The siren song of the framework

time to read 4 min | 743 words

In a recent blog post, I talked about a problem we found in NLog with our usage scenario. I mentioned that we’ll probably have our own solution to fit our needs. Eric Smith replied with:

So I guess there is no chance of contributing to the NLog project to improve it instead of creating yet another logging framework?

And the short answer for that is that there is very little chance for that. Primarily because what we are doing is not really suitable for consumption elsewhere.

Let us consider something that we found to be very useful. The Metrics.NET is a great way to get various metrics, and we have been using it (and contributed to it) for several years. But when looking at our 4.0 work, we also looked at what it would take to support metrics, and we had to flat out reject Metrics.NET for our use. Why is that?

Primarily because it is doing too much. It is extremely flexible and can do quite a lot, but we don’t need it to do a lot, and we don’t want to pay for the stuff we don’t use. For example, Histograms. The problematic issue for us was here:

public void Update(long value, string userValue = null)
{
    this.last = new UserValueWrapper(value, userValue);
    this.reservoir.Update(value, userValue);
}

Which ends up calling:

public void Update(long value, string userValue = null)
{
    long c = this.count.Increment();
    if (c <= this.values.Length)
    {
        values[(int)c - 1] = new UserValueWrapper(value, userValue);
    }
    else
    {
        long r = NextLong(c);
        if (r < values.Length)
        {
            values[(int)r] = new UserValueWrapper(value, userValue);
        }
    }
}

So that means that we’ll have two allocations for each time we update the histogram, which can happen a lot.  We don’t want to pay that price.

Now, we can certainly modify Metrics.NET to meet our needs, in fact, we have done just that, and ended up about 6 files that we needed, after we cleaned them up according to our current requirements. Contributing them back wouldn’t make much sense, they are full of constraints that are meant to allow us to run a database server for months on end with predictable and reliable performance under very high load. They don’t make sense in many other scenarios, and it can be incredibly limiting.

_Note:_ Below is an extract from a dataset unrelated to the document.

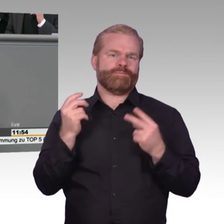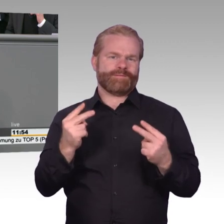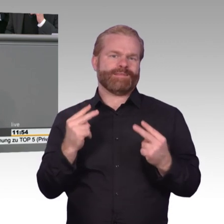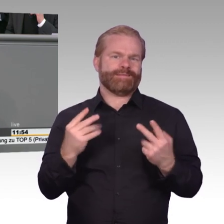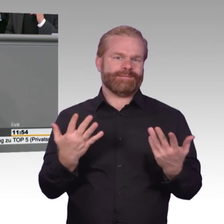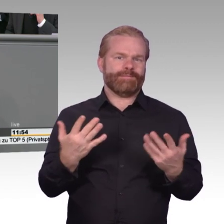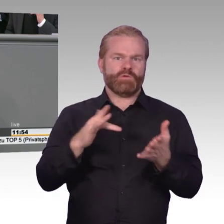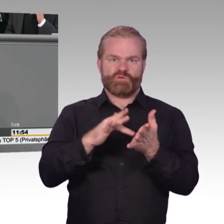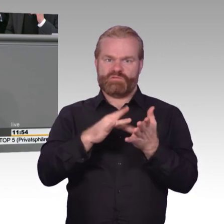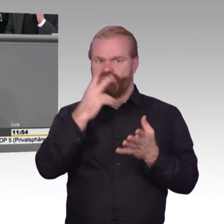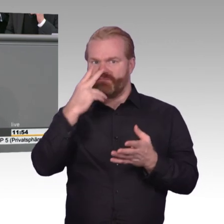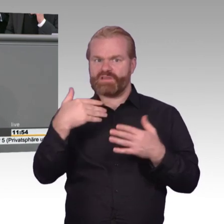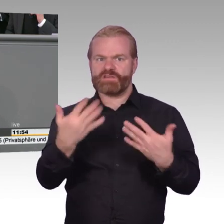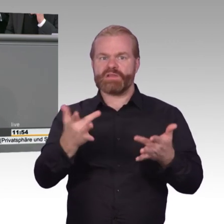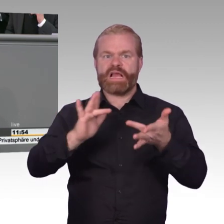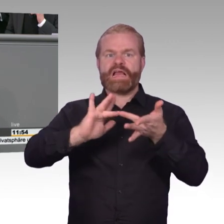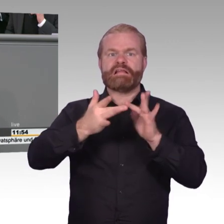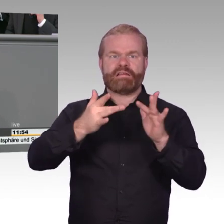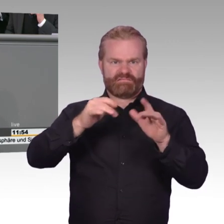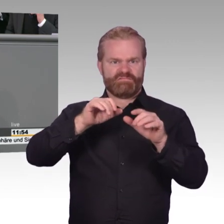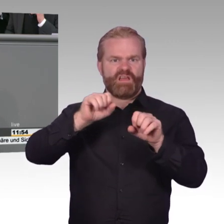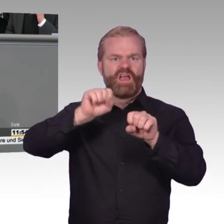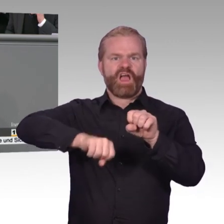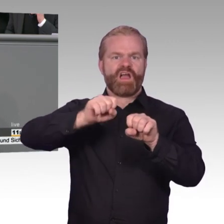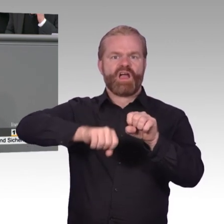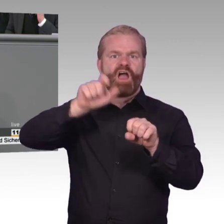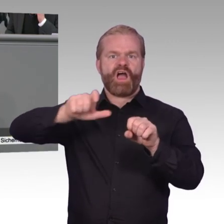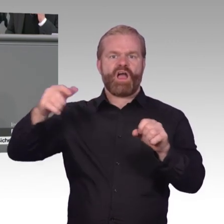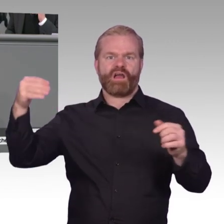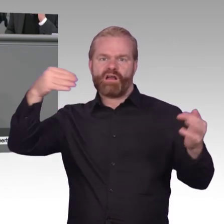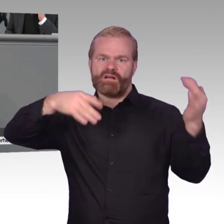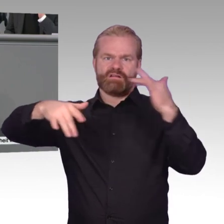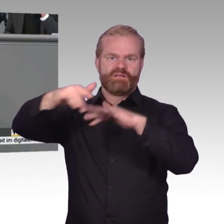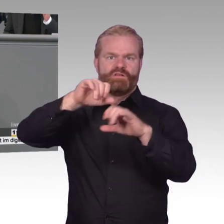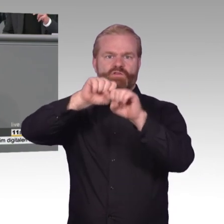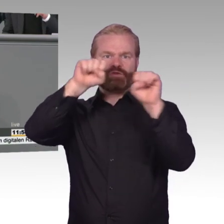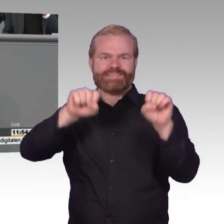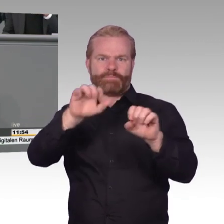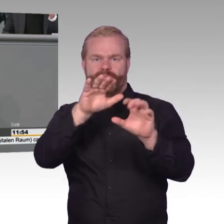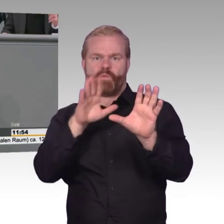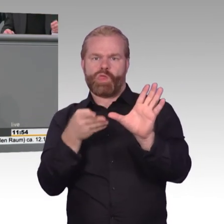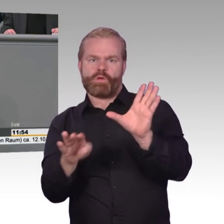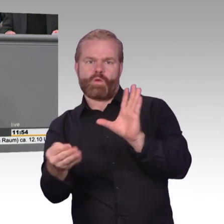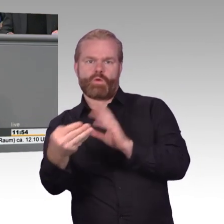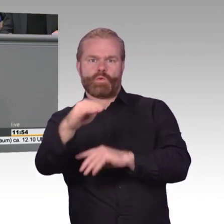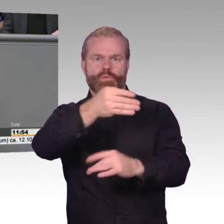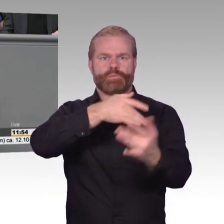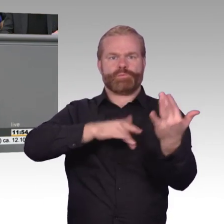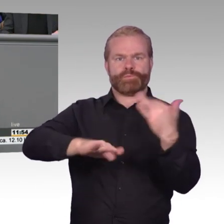es eine staatliche Verantwortung und Pflicht dafür gibt. Die Bundesregierung hat in der vergangenen Legislatur das IT-Sicherheitsgesetz mit seinen Melde-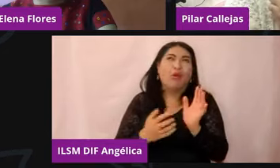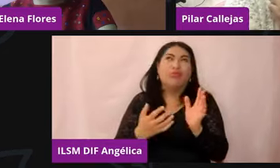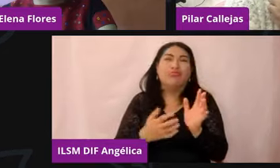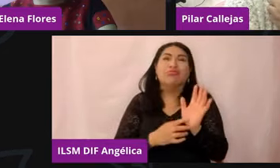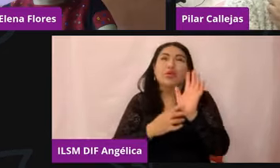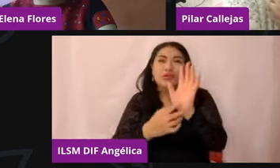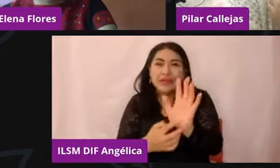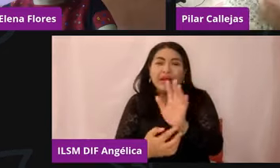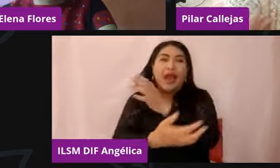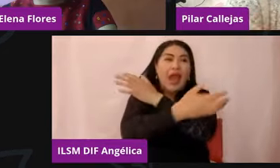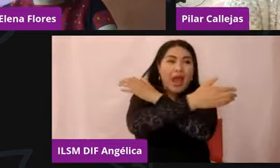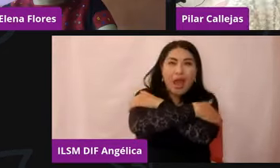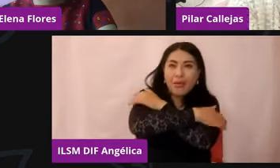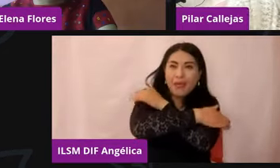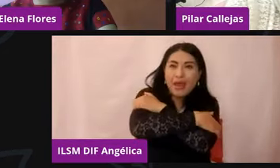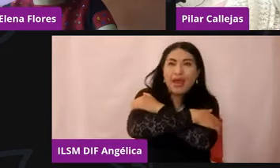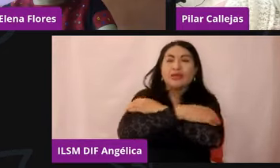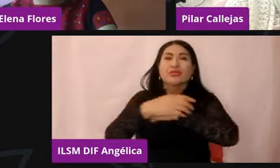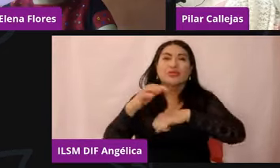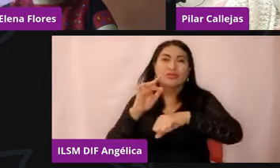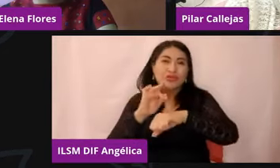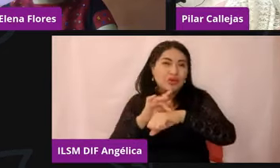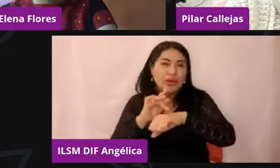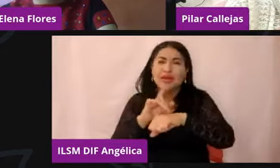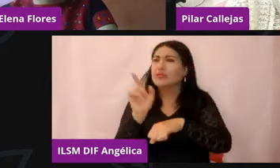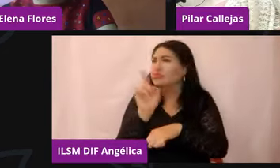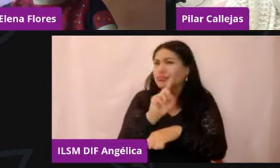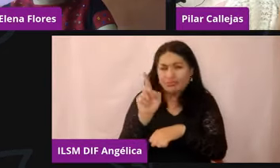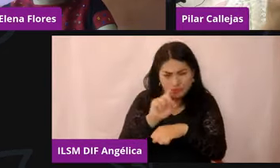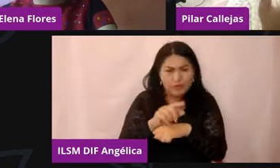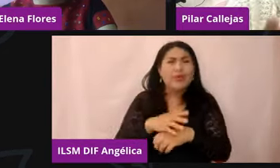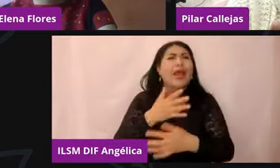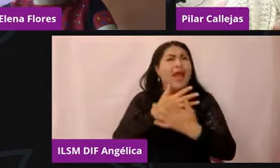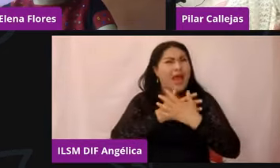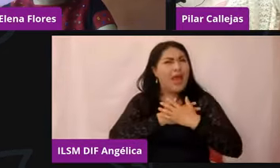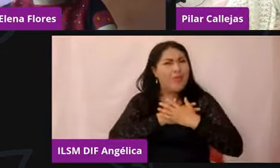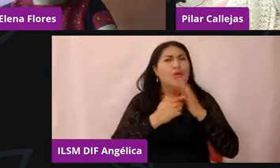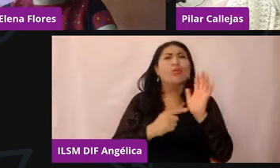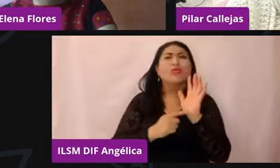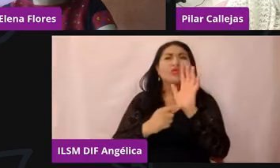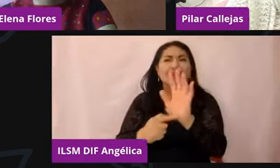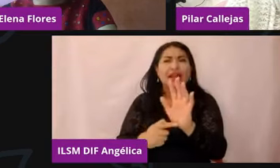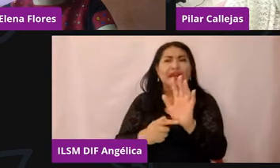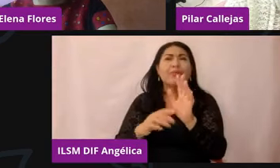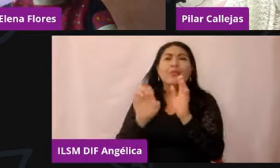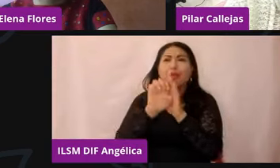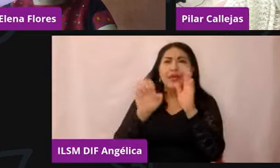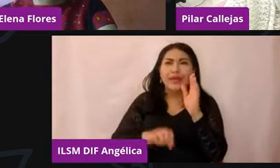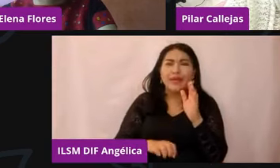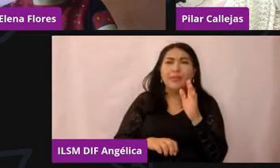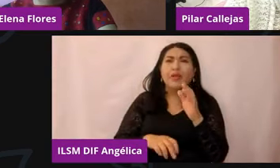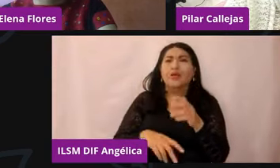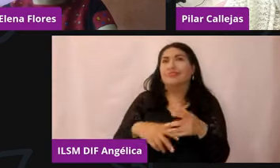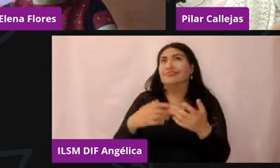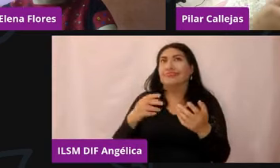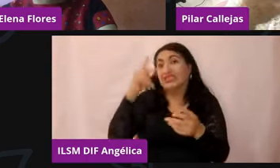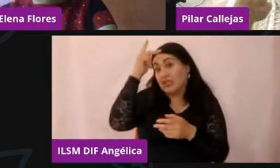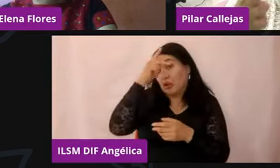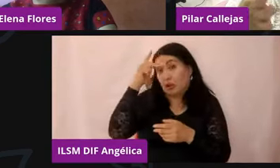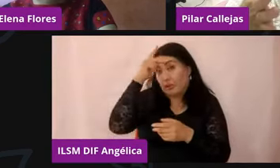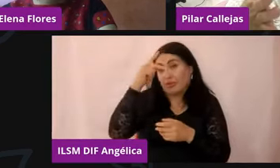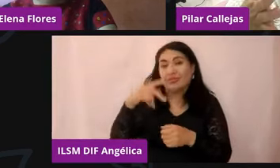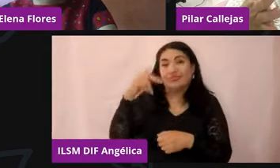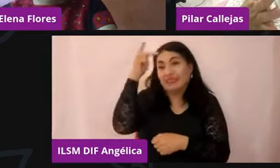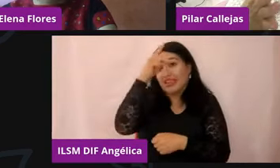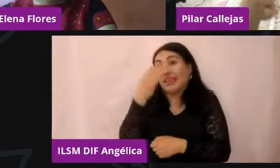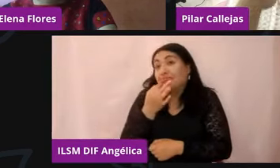contacto, ¿no? ¿Qué pasa, por ejemplo, con las videollamadas con los psicoterapeutas o los psiquiatras, ¿no? Realmente, a pesar de

For a logging framework, we can most certainly add another option to NLog to do what we consider the right thing, but at this point, that wouldn’t really make sense. We don’t use a lot of the features, and reduce the surface area would mean reducing complexities. We can target something very narrow and get very high performance (in both CPU utilization and memory costs) much more easily & cheaply than trying to convert an existing codebase.

This is not a new concept. There is a very real cost to making something reusable. And in our case, RavenDB doesn’t need frameworks internally, we have a very good grasp about what is going on, and we want to have full ownership of every bit that is executed.